* [EXERCISE DESCRIPTION]: If a line in the data has the string "ellipse", please show it.

* [GIVEN DATA]:
::::

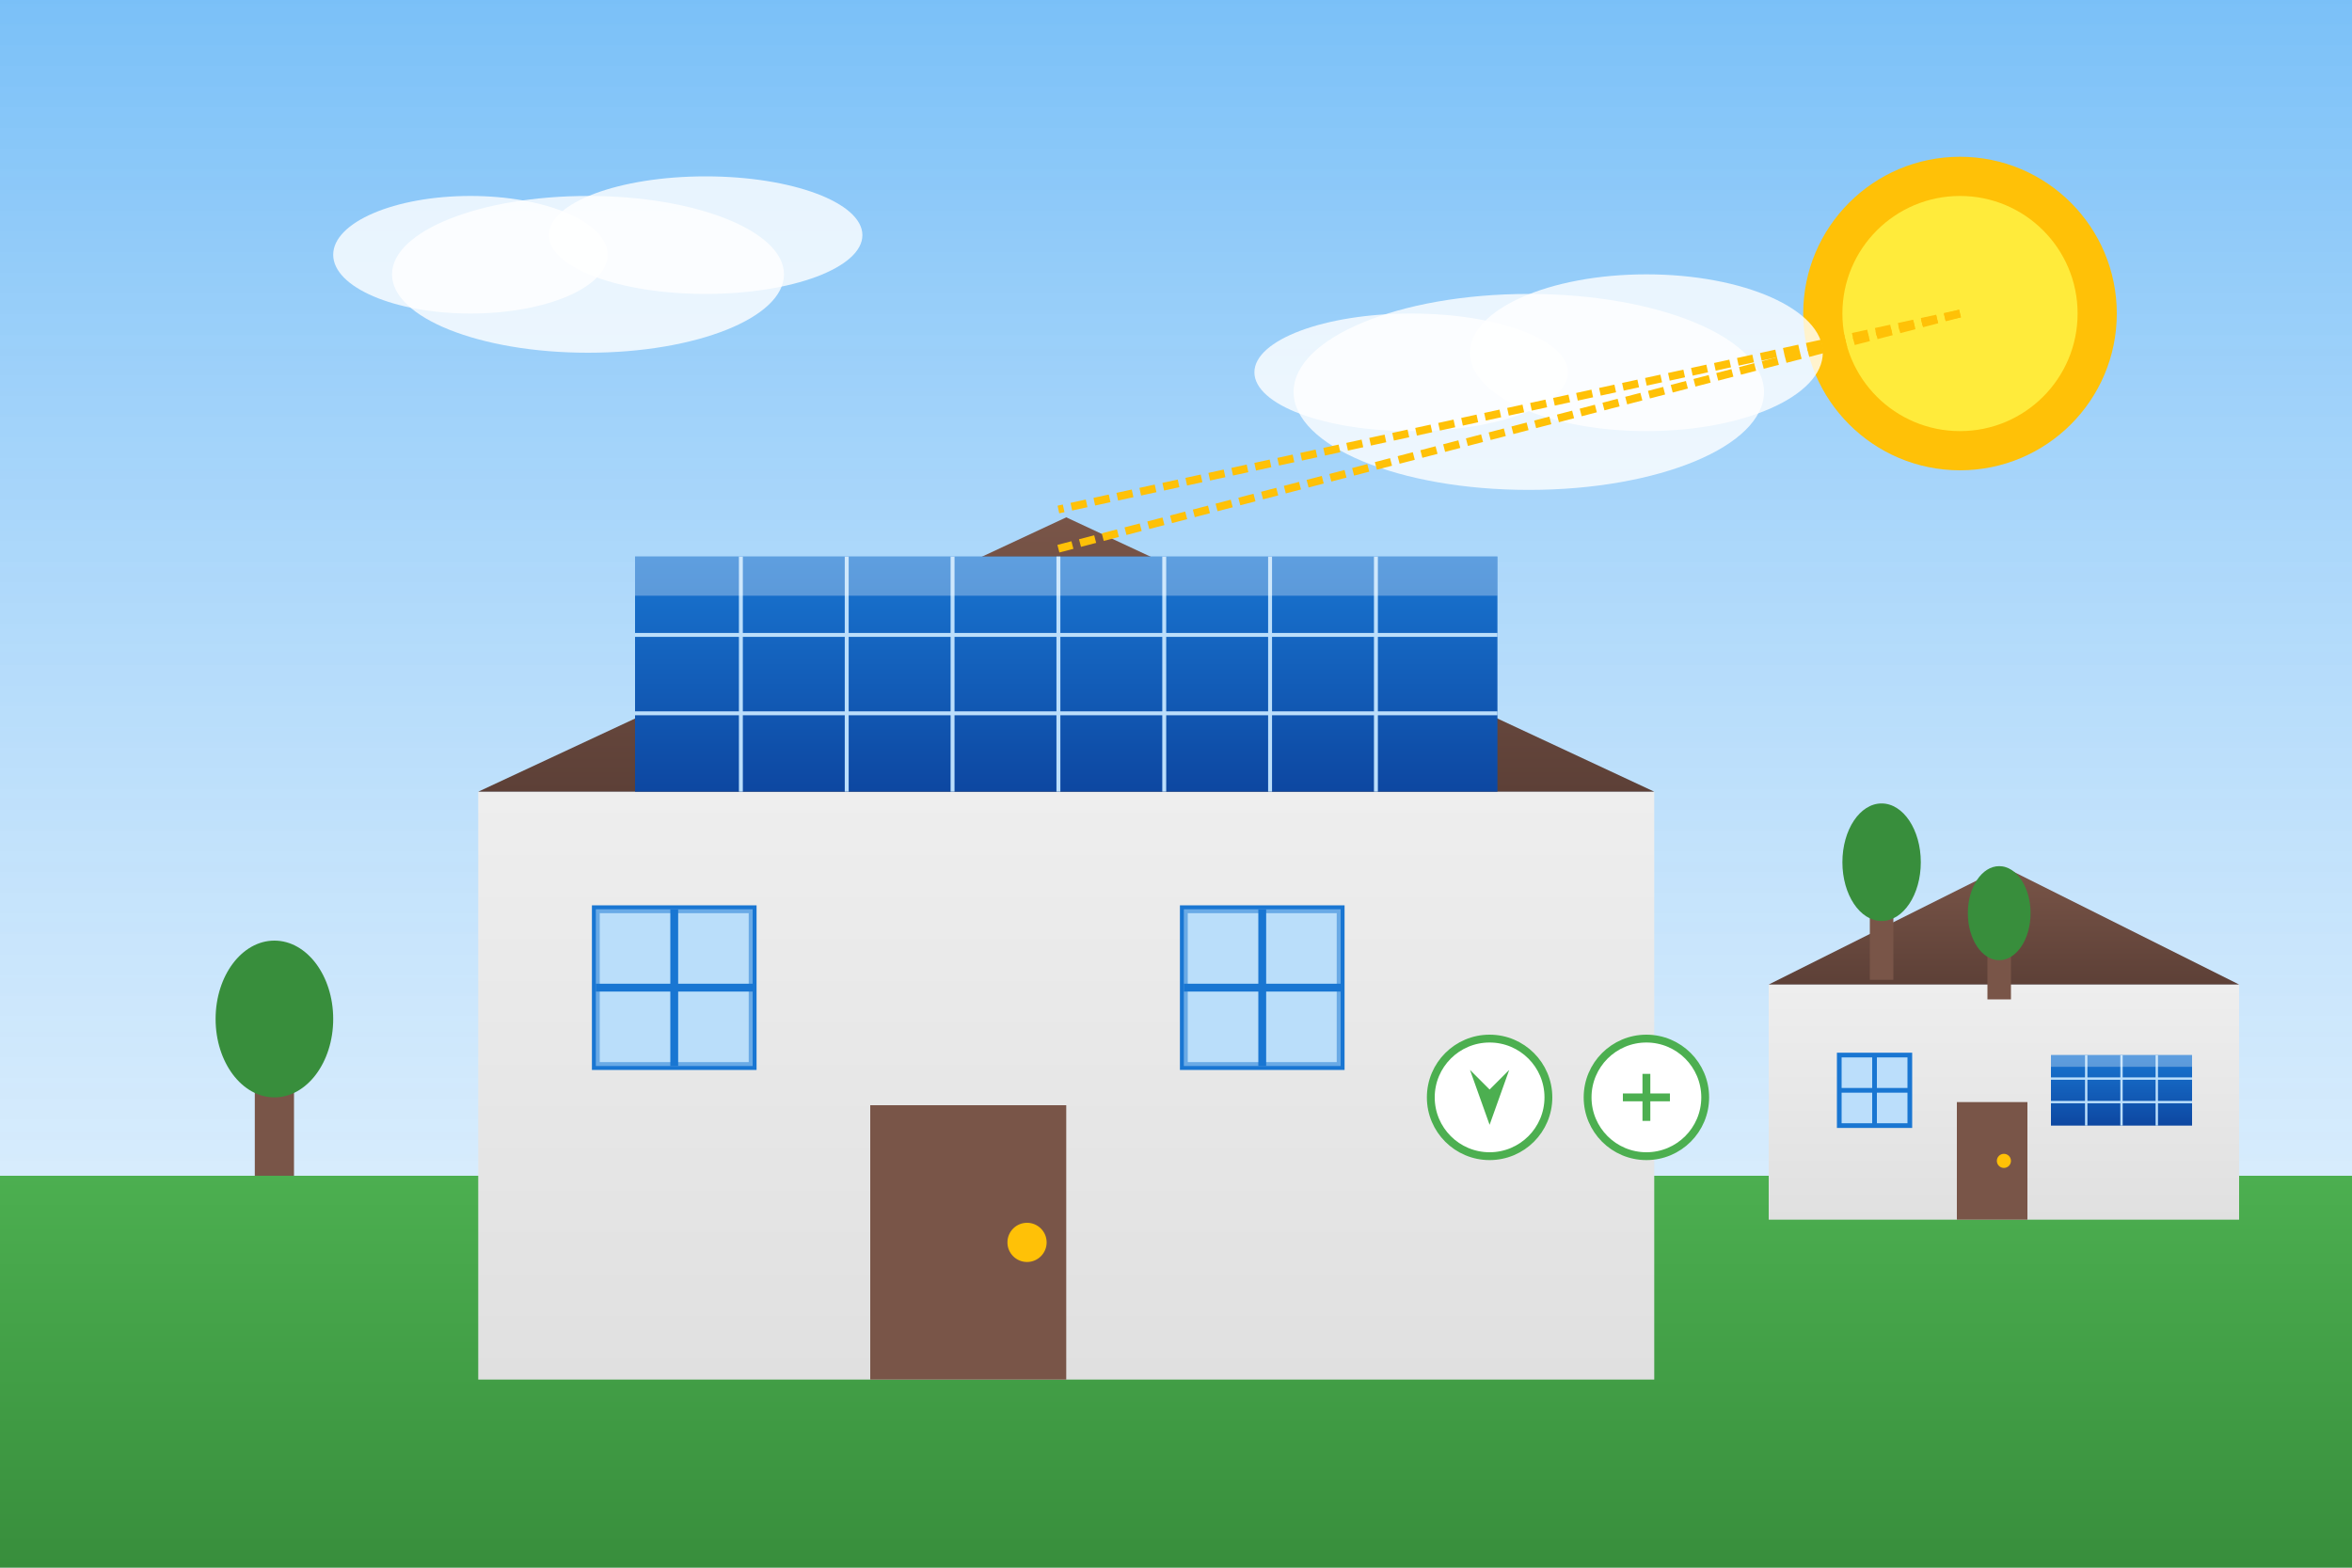 <svg xmlns="http://www.w3.org/2000/svg" width="600" height="400" viewBox="0 0 600 400">
  <defs>
    <linearGradient id="skyGradient" x1="0%" y1="0%" x2="0%" y2="100%">
      <stop offset="0%" stop-color="#2196F3" stop-opacity="0.6" />
      <stop offset="100%" stop-color="#BBDEFB" stop-opacity="0.3" />
    </linearGradient>
    <linearGradient id="grassGradient" x1="0%" y1="0%" x2="0%" y2="100%">
      <stop offset="0%" stop-color="#4CAF50" stop-opacity="1" />
      <stop offset="100%" stop-color="#388E3C" stop-opacity="1" />
    </linearGradient>
    <linearGradient id="roofGradient" x1="0%" y1="0%" x2="0%" y2="100%">
      <stop offset="0%" stop-color="#795548" stop-opacity="1" />
      <stop offset="100%" stop-color="#5D4037" stop-opacity="1" />
    </linearGradient>
    <linearGradient id="houseGradient" x1="0%" y1="0%" x2="0%" y2="100%">
      <stop offset="0%" stop-color="#EEEEEE" stop-opacity="1" />
      <stop offset="100%" stop-color="#E0E0E0" stop-opacity="1" />
    </linearGradient>
    <linearGradient id="solarGradient" x1="0%" y1="0%" x2="0%" y2="100%">
      <stop offset="0%" stop-color="#1976D2" stop-opacity="1" />
      <stop offset="100%" stop-color="#0D47A1" stop-opacity="1" />
    </linearGradient>
    <filter id="dropShadow" x="-20%" y="-20%" width="140%" height="140%">
      <feGaussianBlur in="SourceAlpha" stdDeviation="3" />
      <feOffset dx="2" dy="2" result="offsetblur" />
      <feComponentTransfer>
        <feFuncA type="linear" slope="0.2" />
      </feComponentTransfer>
      <feMerge>
        <feMergeNode />
        <feMergeNode in="SourceGraphic" />
      </feMerge>
    </filter>
  </defs>
  
  <!-- Background -->
  <rect width="600" height="400" fill="url(#skyGradient)" />
  
  <!-- Sun -->
  <circle cx="500" cy="80" r="40" fill="#FFC107" />
  <circle cx="500" cy="80" r="30" fill="#FFEB3B" />
  
  <!-- Clouds -->
  <g fill="#FFFFFF" fill-opacity="0.8">
    <ellipse cx="150" cy="70" rx="50" ry="20" />
    <ellipse cx="180" cy="60" rx="40" ry="15" />
    <ellipse cx="120" cy="65" rx="35" ry="15" />
    
    <ellipse cx="390" cy="100" rx="60" ry="25" />
    <ellipse cx="420" cy="90" rx="45" ry="20" />
    <ellipse cx="360" cy="95" rx="40" ry="15" />
  </g>
  
  <!-- Ground -->
  <rect x="0" y="300" width="600" height="100" fill="url(#grassGradient)" />
  
  <!-- House -->
  <g filter="url(#dropShadow)">
    <!-- House Body -->
    <rect x="120" y="200" width="300" height="150" fill="url(#houseGradient)" />
    
    <!-- Roof -->
    <polygon points="120,200 270,130 420,200" fill="url(#roofGradient)" />
    
    <!-- Door -->
    <rect x="220" y="280" width="50" height="70" fill="#795548" />
    <circle cx="260" cy="315" r="5" fill="#FFC107" />
    
    <!-- Windows -->
    <rect x="150" y="230" width="40" height="40" fill="#BBDEFB" stroke="#1976D2" stroke-width="2" />
    <rect x="150" y="230" width="40" height="40" fill="#BBDEFB" opacity="0.5" />
    <line x1="150" y1="250" x2="190" y2="250" stroke="#1976D2" stroke-width="2" />
    <line x1="170" y1="230" x2="170" y2="270" stroke="#1976D2" stroke-width="2" />
    
    <rect x="300" y="230" width="40" height="40" fill="#BBDEFB" stroke="#1976D2" stroke-width="2" />
    <rect x="300" y="230" width="40" height="40" fill="#BBDEFB" opacity="0.5" />
    <line x1="300" y1="250" x2="340" y2="250" stroke="#1976D2" stroke-width="2" />
    <line x1="320" y1="230" x2="320" y2="270" stroke="#1976D2" stroke-width="2" />
    
    <!-- Solar Panels -->
    <g>
      <rect x="160" y="140" width="220" height="60" fill="url(#solarGradient)" />
      
      <!-- Solar Panel Grid Lines -->
      <g stroke="#BBDEFB" stroke-width="1">
        <line x1="160" y1="160" x2="380" y2="160" />
        <line x1="160" y1="180" x2="380" y2="180" />
        <line x1="187" y1="140" x2="187" y2="200" />
        <line x1="214" y1="140" x2="214" y2="200" />
        <line x1="241" y1="140" x2="241" y2="200" />
        <line x1="268" y1="140" x2="268" y2="200" />
        <line x1="295" y1="140" x2="295" y2="200" />
        <line x1="322" y1="140" x2="322" y2="200" />
        <line x1="349" y1="140" x2="349" y2="200" />
      </g>
      
      <!-- Solar Panel Reflection -->
      <polygon points="160,140 380,140 380,150 160,150" fill="#FFFFFF" fill-opacity="0.3" />
    </g>
  </g>
  
  <!-- Small House -->
  <g transform="translate(450, 250) scale(0.6)" filter="url(#dropShadow)">
    <!-- House Body -->
    <rect x="0" y="0" width="200" height="100" fill="url(#houseGradient)" />
    
    <!-- Roof -->
    <polygon points="0,0 100,-50 200,0" fill="url(#roofGradient)" />
    
    <!-- Door -->
    <rect x="80" y="50" width="30" height="50" fill="#795548" />
    <circle cx="100" cy="75" r="3" fill="#FFC107" />
    
    <!-- Window -->
    <rect x="30" y="30" width="30" height="30" fill="#BBDEFB" stroke="#1976D2" stroke-width="2" />
    <line x1="30" y1="45" x2="60" y2="45" stroke="#1976D2" stroke-width="2" />
    <line x1="45" y1="30" x2="45" y2="60" stroke="#1976D2" stroke-width="2" />
    
    <!-- Solar Panels -->
    <g>
      <rect x="120" y="30" width="60" height="30" fill="url(#solarGradient)" />
      
      <!-- Solar Panel Grid Lines -->
      <g stroke="#BBDEFB" stroke-width="1">
        <line x1="120" y1="40" x2="180" y2="40" />
        <line x1="120" y1="50" x2="180" y2="50" />
        <line x1="135" y1="30" x2="135" y2="60" />
        <line x1="150" y1="30" x2="150" y2="60" />
        <line x1="165" y1="30" x2="165" y2="60" />
      </g>
      
      <!-- Solar Panel Reflection -->
      <polygon points="120,30 180,30 180,35 120,35" fill="#FFFFFF" fill-opacity="0.3" />
    </g>
  </g>
  
  <!-- Trees -->
  <g transform="translate(50, 270)">
    <rect x="15" y="0" width="10" height="30" fill="#795548" />
    <ellipse cx="20" cy="-10" rx="15" ry="20" fill="#388E3C" />
  </g>
  
  <g transform="translate(470, 230)">
    <rect x="7" y="0" width="6" height="20" fill="#795548" />
    <ellipse cx="10" cy="-10" rx="10" ry="15" fill="#388E3C" />
  </g>
  
  <g transform="translate(500, 240)">
    <rect x="7" y="0" width="6" height="15" fill="#795548" />
    <ellipse cx="10" cy="-7" rx="8" ry="12" fill="#388E3C" />
  </g>
  
  <!-- Energy Flow Lines -->
  <g stroke="#FFC107" stroke-width="2" stroke-dasharray="4 2">
    <path d="M500,80 L270,130" fill="none" />
    <path d="M500,80 L270,140" fill="none" />
  </g>
  
  <!-- Energy Icons -->
  <g transform="translate(380, 280)">
    <circle cx="0" cy="0" r="15" fill="#FFFFFF" stroke="#4CAF50" stroke-width="2" />
    <path d="M-5,-7 L0,-2 L5,-7 L0,7 Z" fill="#4CAF50" />
  </g>
  
  <g transform="translate(420, 280)">
    <circle cx="0" cy="0" r="15" fill="#FFFFFF" stroke="#4CAF50" stroke-width="2" />
    <path d="M-6,0 L6,0 M0,-6 L0,6" stroke="#4CAF50" stroke-width="2" />
  </g>
</svg>

::::

* [WRITTEN ANSWER]:
    <ellipse cx="150" cy="70" rx="50" ry="20" />
    <ellipse cx="180" cy="60" rx="40" ry="15" />
    <ellipse cx="120" cy="65" rx="35" ry="15" />
    <ellipse cx="390" cy="100" rx="60" ry="25" />
    <ellipse cx="420" cy="90" rx="45" ry="20" />
    <ellipse cx="360" cy="95" rx="40" ry="15" />
    <ellipse cx="20" cy="-10" rx="15" ry="20" fill="#388E3C" />
    <ellipse cx="10" cy="-10" rx="10" ry="15" fill="#388E3C" />
    <ellipse cx="10" cy="-7" rx="8" ry="12" fill="#388E3C" />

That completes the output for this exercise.